Another simple illustration of the difference between these modes of excellence is revealed by replies to the statement, “List 5 things that are needed to wash a table,“ in borrowing a classic example from Dr. Deming.    The most frequent answers include water, a cleaning solution, a bucket, a sponge, a person, and, perhaps, someone to clean the table.   More often than not, the replies do not include needing to know how the table will be used, once cleaned.   Guided by such awareness of situations in which context matters, Contextual Excellence is about aligning the varying degree of cleanliness of the table with its intended use, shifting from the table is clean (or not) to how clean it should be.    Contextual Excellence mirrors Dr. Deming’s definition of the quality or a product or service, mindful of how well it helps someone, how well a given task fits into a greater system.    That is, awareness of the context of how well a product or service performs.    Compliance Excellence mirrors Phillip Crosby’s definition of quality, with a focus of being right or wrong, pass or fail, good or bad.

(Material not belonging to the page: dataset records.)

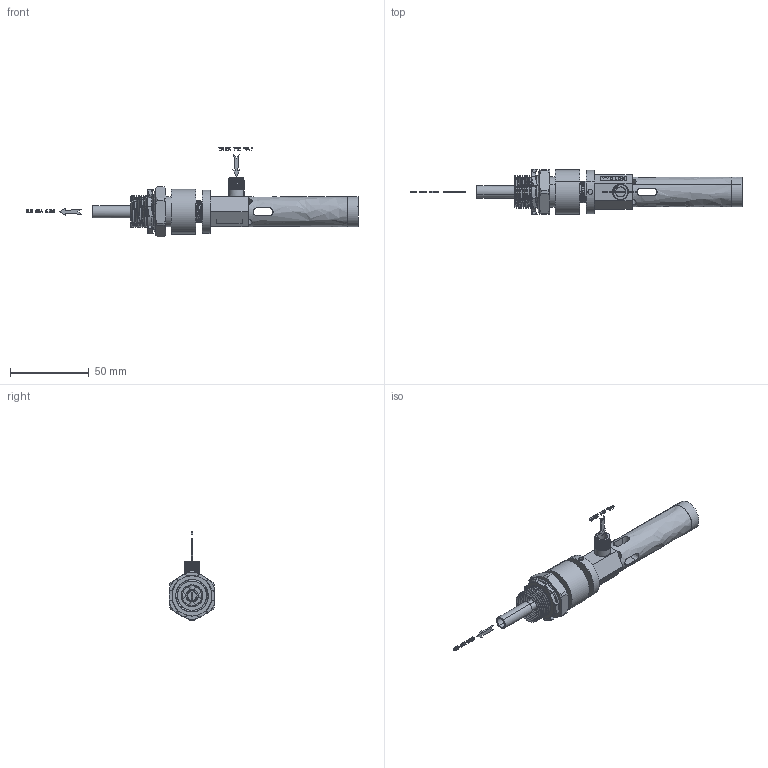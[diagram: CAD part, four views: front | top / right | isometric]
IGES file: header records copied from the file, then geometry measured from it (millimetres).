
Start section: START RECORD GO HERE.
Global section: file name: Small Panel Cooler - NEMA-4-4X.igs; native system: DASSAULT SYSTEMES CATIA V5 R21 - www.3ds.com; preprocessor: CATIA Version 5 Release 21 ; author: user; organization: INTRITECH-ACER; date: 20210427.010516; units: millimetre
Bounding box: 211.32 x 28.7 x 57.06 mm (x, y, z)
Surface area: 20137.9 mm2 (no closed solid volume)
Topology: 0 solids, 0 shells, 1029 faces, 6418 edges, 6418 vertices
Faces by surface type: plane 774, bspline 251, revolution 4

In studying Dr. Deming’s management philosophy, guided by a lens of appreciation of his System of Profound Knowledge, one could be ever mindful of the contrast between Compliance Excellence and Contextual Excellence.   While Compliance Excellence offers advantages when the independence of counting things, from miles to hours to apples to red beads, is essential, Contextual Excellence provides utility in the ultimate use of interdependent parts, components, and tasks.   From building rocket engines to operating a city government, what opportunities for “snap fit” integration could be revealed by shifting one’s excellence focus from Compliance Excellence to Contextual Excellence, all the while relying on Compliance Excellence where it serves a most useful purpose?

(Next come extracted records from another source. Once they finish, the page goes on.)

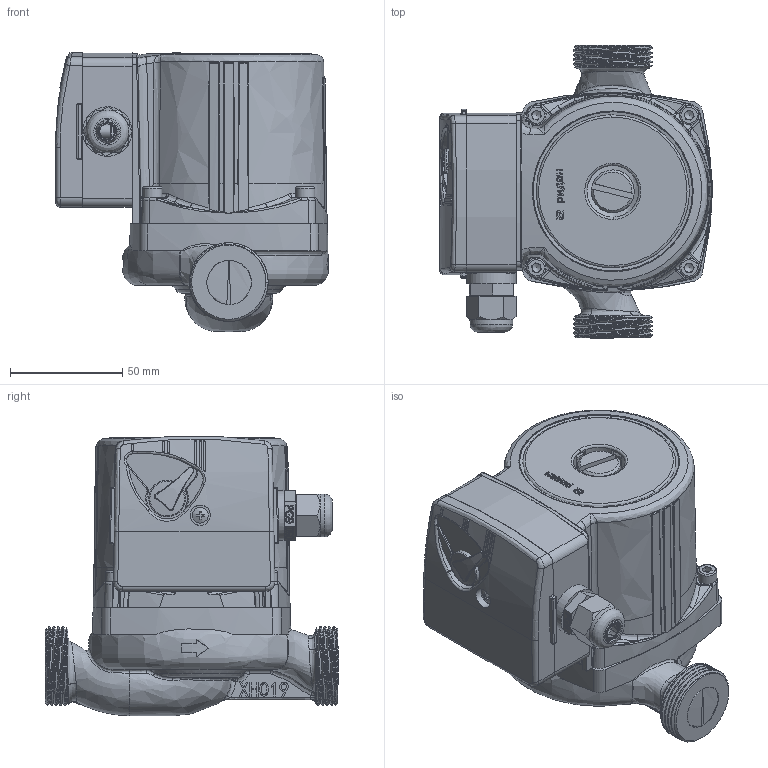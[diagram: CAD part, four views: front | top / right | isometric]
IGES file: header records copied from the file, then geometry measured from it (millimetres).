
Global section: file name: 015P1006 (RWS 20-70SN130); native system: AutoCAD 2021 — Русский (Russian),62HAutod; preprocessor: esk Translation Framework DWG producer (atf_dwg_producer); organization: unknown; date: 20230328.223031; units: millimetre
Bounding box: 121.29 x 130.31 x 124.14 mm (x, y, z)
Volume: 247032.2 mm3; surface area: 167590.5 mm2
Topology: 27 solids, 27 shells, 2312 faces, 6088 edges, 3864 vertices
Faces by surface type: bspline 2310, offset 2

Categorised as: continual improvement, Dr. Deming, management systems, process thinking, system of profound knowledge, systems thinking, theory of knowledge, understanding variation


2 Comments

  1. Balaji S. Reddie says:

    Going through the definition Dr. Deming gave in ‘The New Economics’ , I went through ‘Out of the Crisis’ and found a couple of references , and , using them put together this :

    A Product or a Service possesses Quality if it helps someone live better in every way , and has a large and sustainable Market

    (These are all Deming’s words uttered / written at different points in time)

  2. Ed Baker says:

    Bill,

    Great way to explain the fallacy of defining quality as conformance to specs. It leave out the larger system in which it fits and the customer.
    Would you say that Juran’s distinction between conformance and fitness for use aligns with compliance excellence and conformance excellence?